◆ What is expected ◆
Each entry below should be printed exactly, with every image left out.

◆ Stored entries ◆

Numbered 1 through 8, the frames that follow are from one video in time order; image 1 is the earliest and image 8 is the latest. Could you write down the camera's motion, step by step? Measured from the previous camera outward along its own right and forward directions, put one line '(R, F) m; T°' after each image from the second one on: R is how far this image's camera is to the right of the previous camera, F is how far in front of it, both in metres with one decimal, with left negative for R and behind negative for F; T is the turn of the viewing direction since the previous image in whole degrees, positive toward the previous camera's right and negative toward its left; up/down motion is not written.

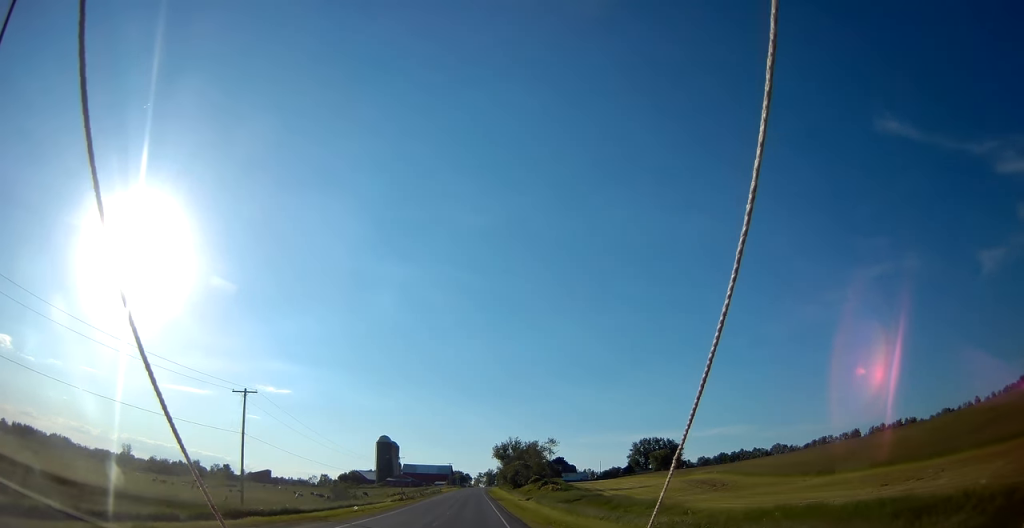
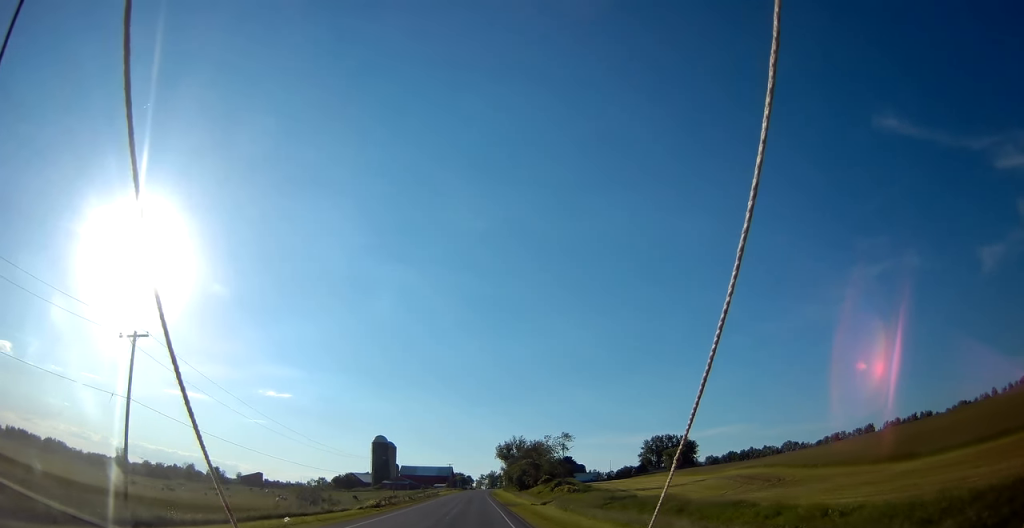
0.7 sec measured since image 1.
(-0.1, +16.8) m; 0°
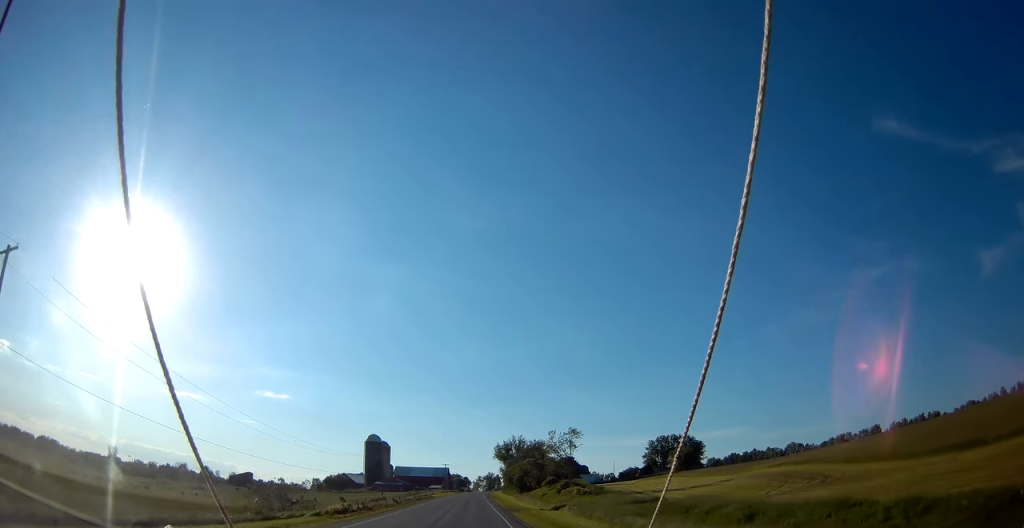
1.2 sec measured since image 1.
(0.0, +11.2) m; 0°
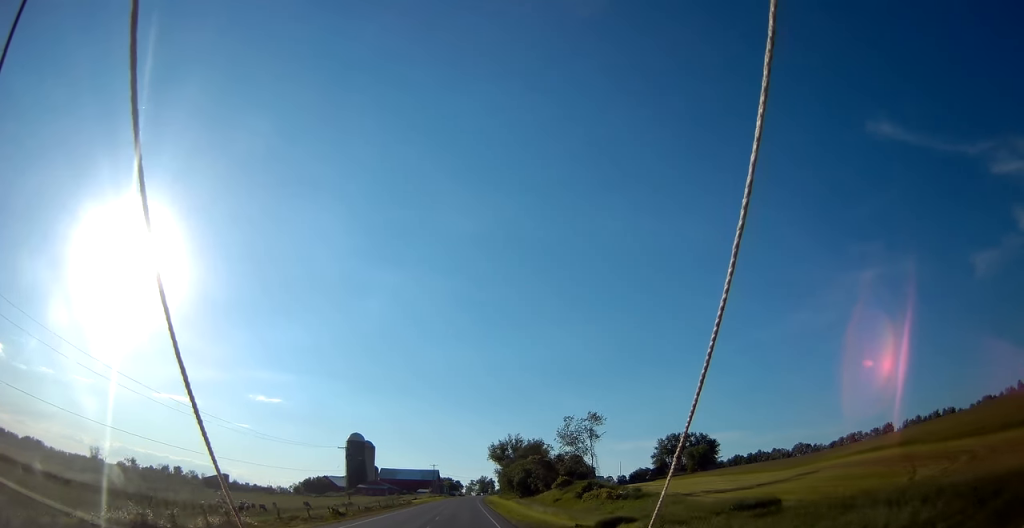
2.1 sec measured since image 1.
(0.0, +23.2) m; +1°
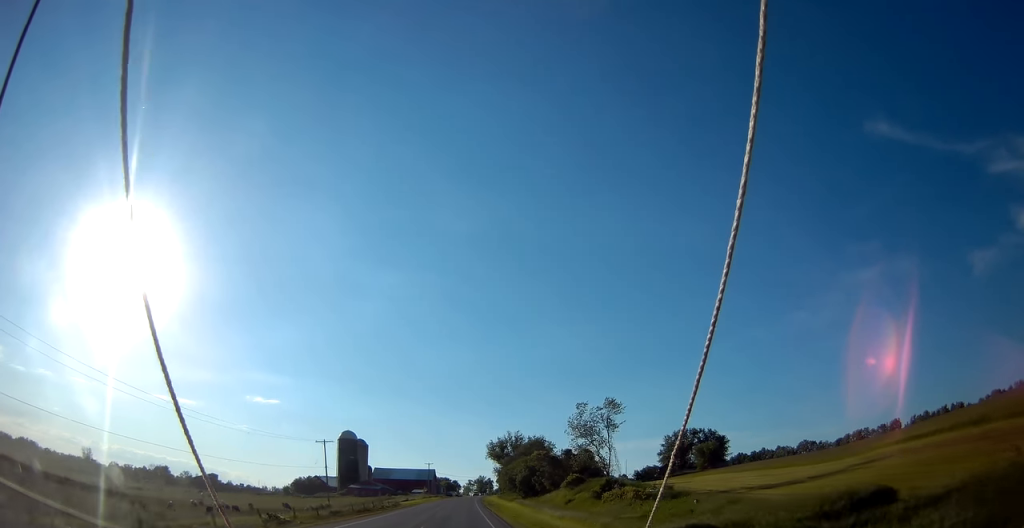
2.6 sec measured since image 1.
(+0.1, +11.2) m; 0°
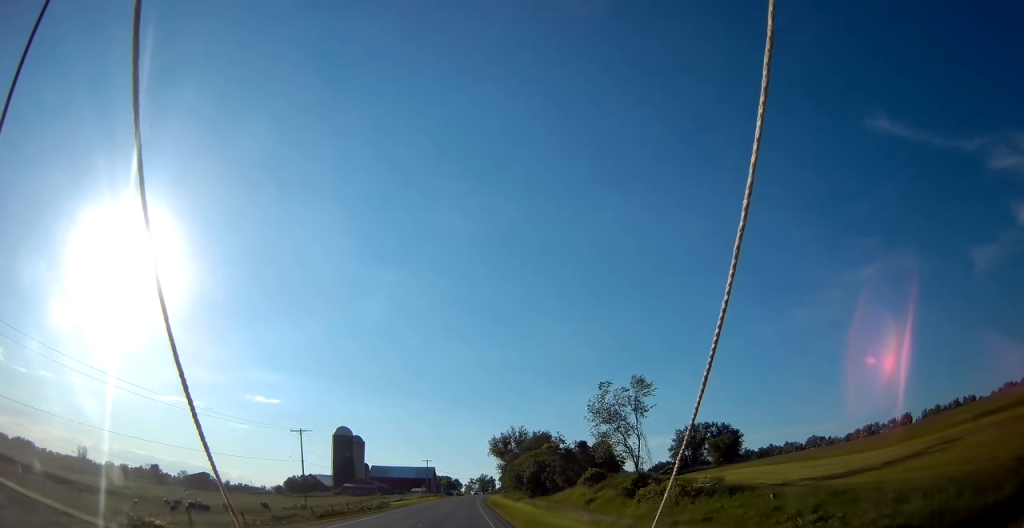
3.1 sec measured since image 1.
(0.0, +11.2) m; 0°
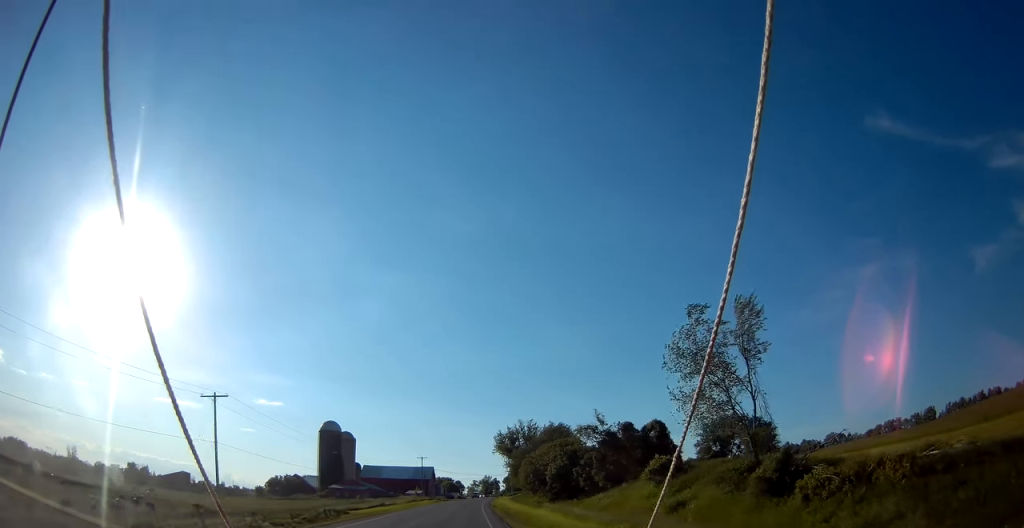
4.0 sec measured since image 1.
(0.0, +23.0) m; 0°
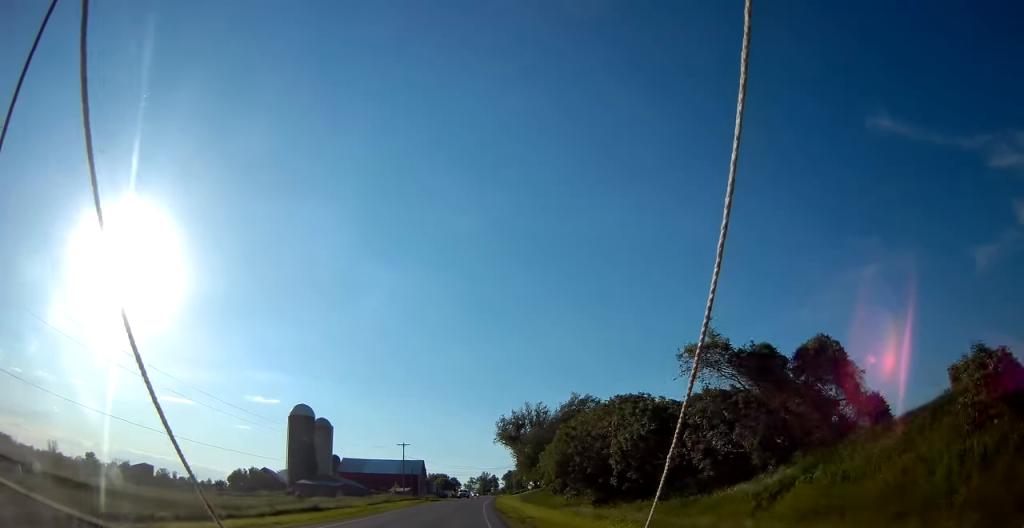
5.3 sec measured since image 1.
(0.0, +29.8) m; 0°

◆ Answer for the task ◆
Numbered 1 through 8, the frames that follow are from one video in time order; image 1 is the earliest and image 8 is the latest. Could you write down the camera's motion, step by step? Measured from the previous camera outward along its own right and forward directions, put one line '(R, F) m; T°' after each image from the second one on: R is how far this image's camera is to the right of the previous camera, F is how far in front of it, both in metres with one decimal, with left negative for R and behind negative for F; T is the turn of the viewing direction since the previous image in whole degrees, positive toward the previous camera's right and negative toward its left; up/down motion is not written.

0.7 sec measured since image 1.
(-0.1, +16.8) m; 0°
1.2 sec measured since image 1.
(0.0, +11.2) m; 0°
2.1 sec measured since image 1.
(0.0, +23.2) m; +1°
2.6 sec measured since image 1.
(+0.1, +11.2) m; 0°
3.1 sec measured since image 1.
(0.0, +11.2) m; 0°
4.0 sec measured since image 1.
(0.0, +23.0) m; 0°
5.3 sec measured since image 1.
(0.0, +29.8) m; 0°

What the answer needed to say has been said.